La Navidad suele presentarse como una celebración eminentemente cristiana, asociada al nacimiento de Cristo y a la instauración de un tiempo de recogimiento espiritual, fraternidad y esperanza. Sin embargo, esta identificación, aparentemente natural y unívoca, encierra una complejidad histórica y simbólica que merece ser interrogada. ¿Es la Navidad, en sentido estricto, un acontecimiento cristiano, o se trata más bien de una apropiación y resignificación de antiguos rituales paganos por parte del cristianismo naciente?
Antes de convertirse en una fecha central del calendario cristiano, el final de diciembre estaba ya cargado de sentido en las culturas antiguas. Las fiestas del solsticio de invierno celebraban el retorno progresivo de la luz tras la noche más larga del año. En el mundo romano, las Saturnales y, más tarde, el culto al Sol Invictus articulaban un tiempo de suspensión del orden, intercambio de dones y afirmación de la vida frente a la oscuridad. Estas celebraciones no conmemoraban un nacimiento histórico, sino un ciclo cósmico: la promesa de renovación inscrita en la naturaleza misma.

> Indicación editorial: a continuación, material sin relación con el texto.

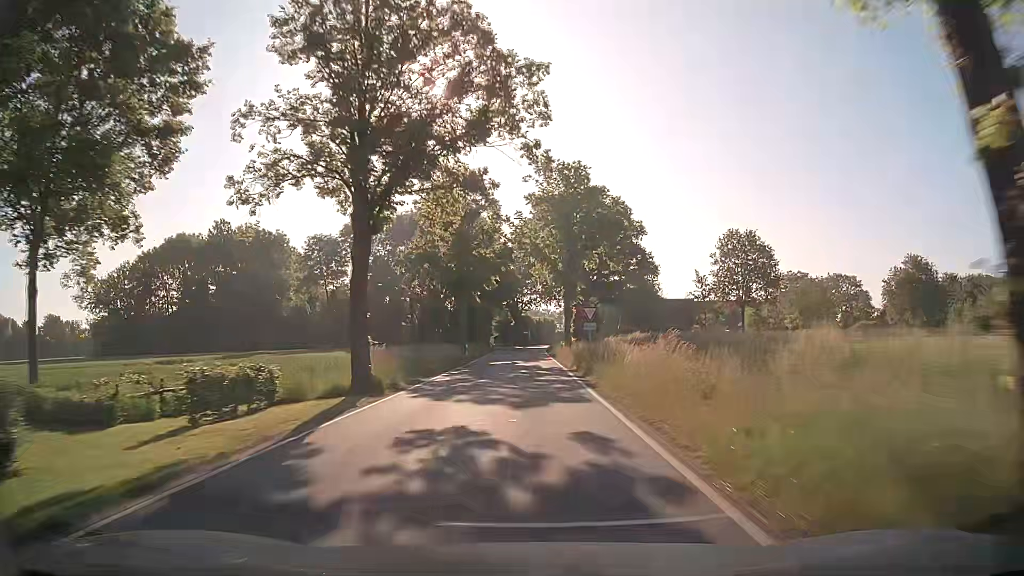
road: tertiary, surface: asphalt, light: Day
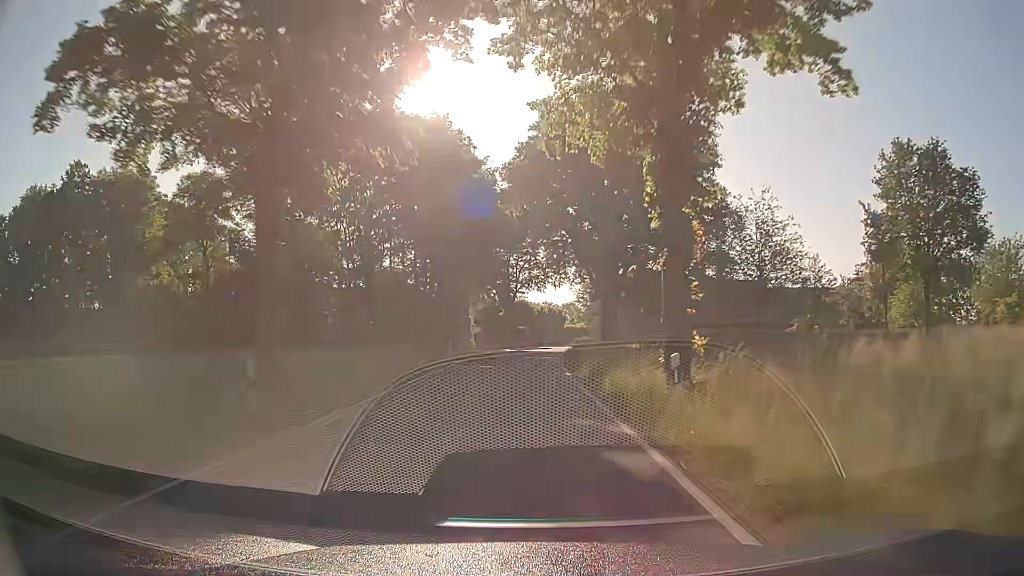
(0.0, +35.9) m; 0°
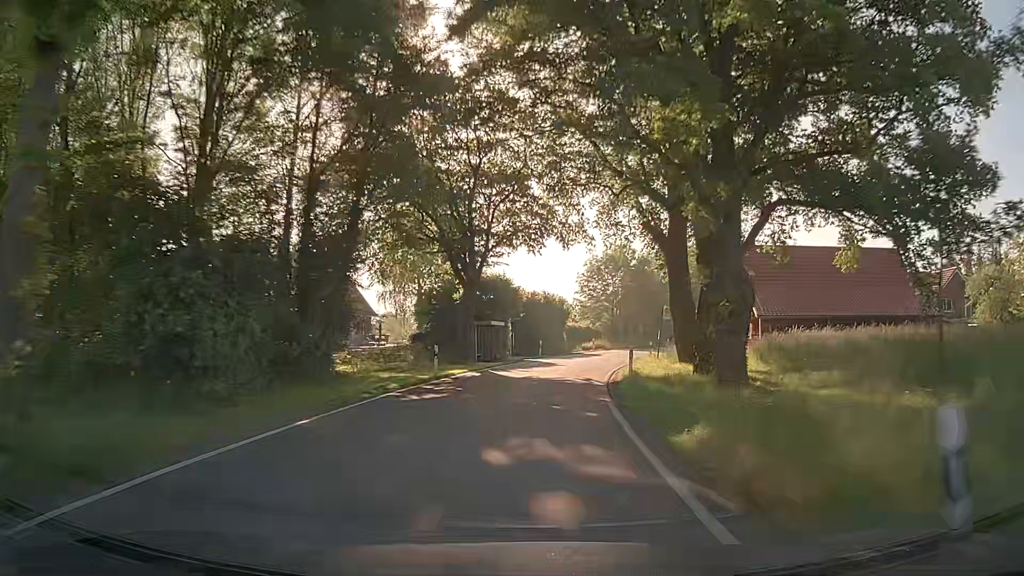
(+0.1, +32.8) m; +1°
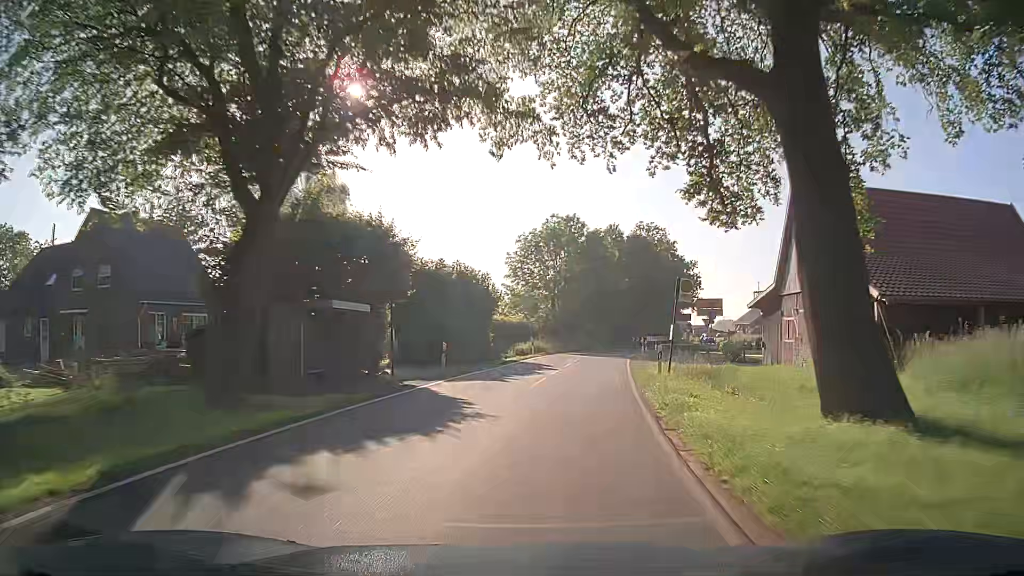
(+0.8, +20.2) m; +6°
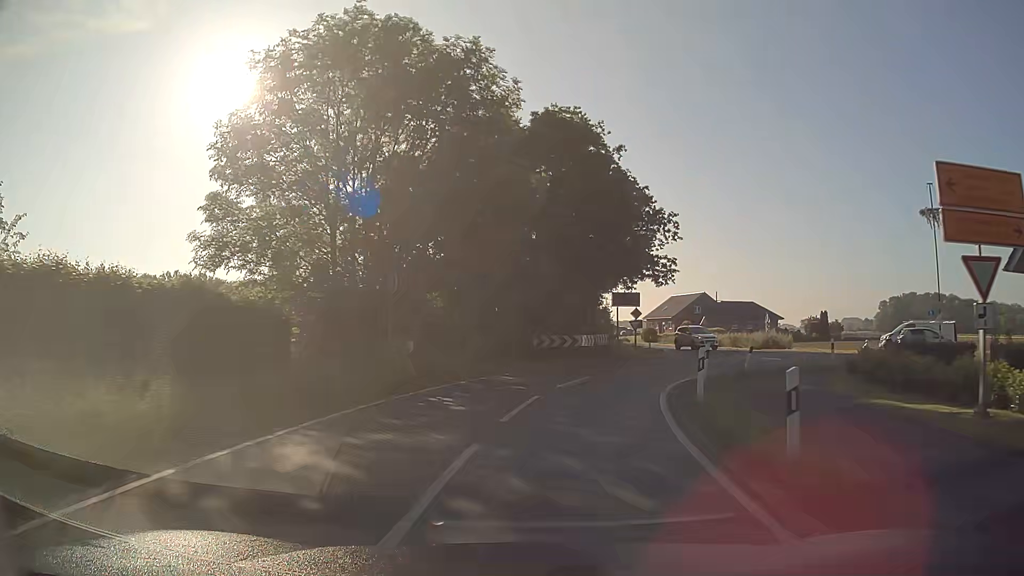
(+4.2, +42.2) m; +11°
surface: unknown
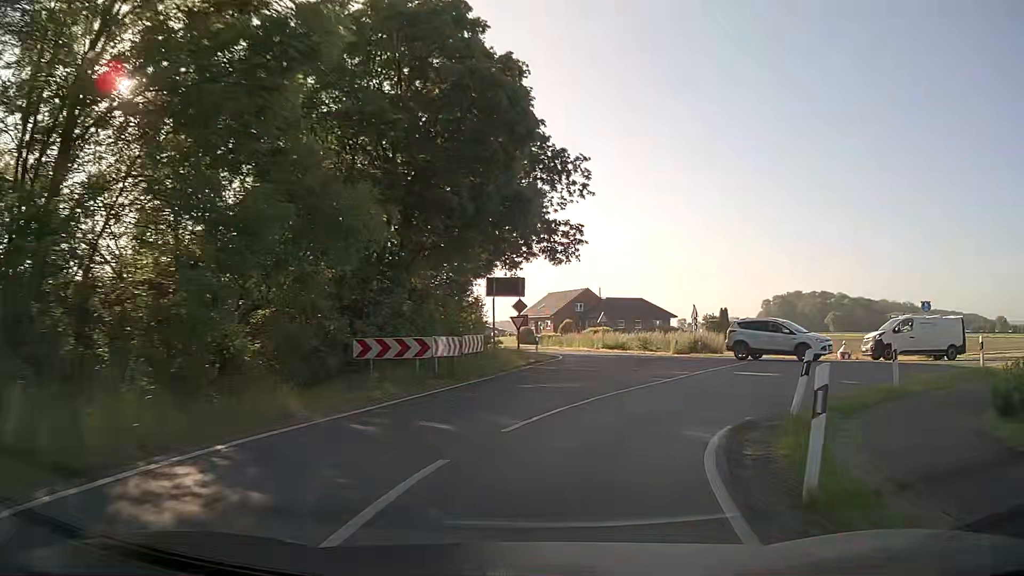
(+1.1, +13.1) m; +11°
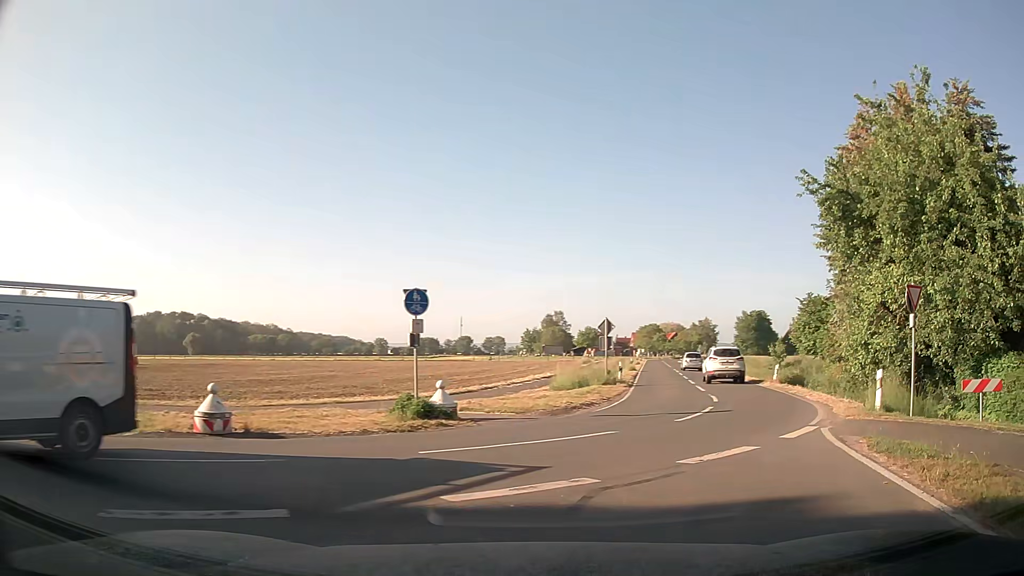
(+7.6, +18.8) m; +55°
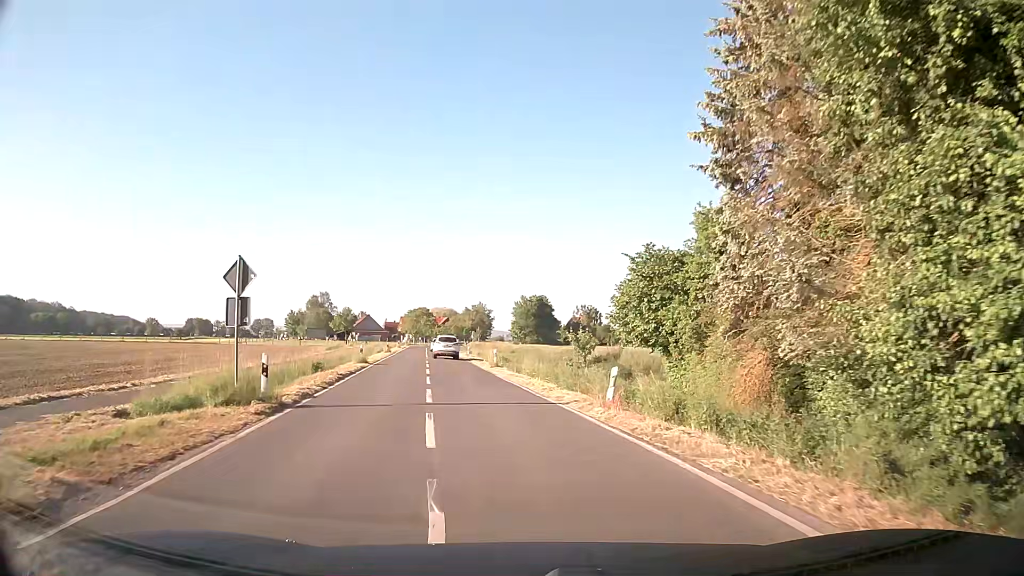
(+4.4, +17.1) m; +19°
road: secondary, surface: asphalt

El cristianismo primitivo no celebró, durante sus primeros siglos, el nacimiento de Jesús. La centralidad de la fe cristiana estaba puesta en la Pascua, en la muerte y resurrección de Cristo como acontecimiento salvífico. No es sino hasta el siglo IV cuando la Iglesia fija el 25 de diciembre como fecha del nacimiento de Jesús, en un gesto que puede leerse menos como una revelación teológica que como una estrategia simbólica: superponer al nacimiento del sol el nacimiento del “Sol de justicia”. La Navidad surge así como un proceso de traducción cultural, donde el mito pagano de la luz renacida es reinterpretado desde la narrativa cristiana.
Un Cristo que nace sobre las ruinas de antiguos dioses solares no viene a abolir el mundo, sino a reinterpretarlo. La pregunta decisiva no es, entonces, si la Navidad es verdaderamente cristiana, sino qué cristianismo se afirma cada vez que la celebramos.
Esta operación no es menor. En ella se juega una tensión fundamental del cristianismo: su relación ambigua con el sacrificio y con la violencia. Como ha mostrado René Girard, el cristianismo introduce una ruptura radical al desvelar el mecanismo sacrificial y al colocar a la víctima inocente en el centro del relato. Cristo no es el dios que exige sacrificios, sino el sacrificado que denuncia la lógica del chivo expiatorio. Sin embargo, al integrar rituales paganos, el cristianismo corre el riesgo de reactivar, bajo nuevas formas, antiguos esquemas simbólicos que neutralizan esa ruptura.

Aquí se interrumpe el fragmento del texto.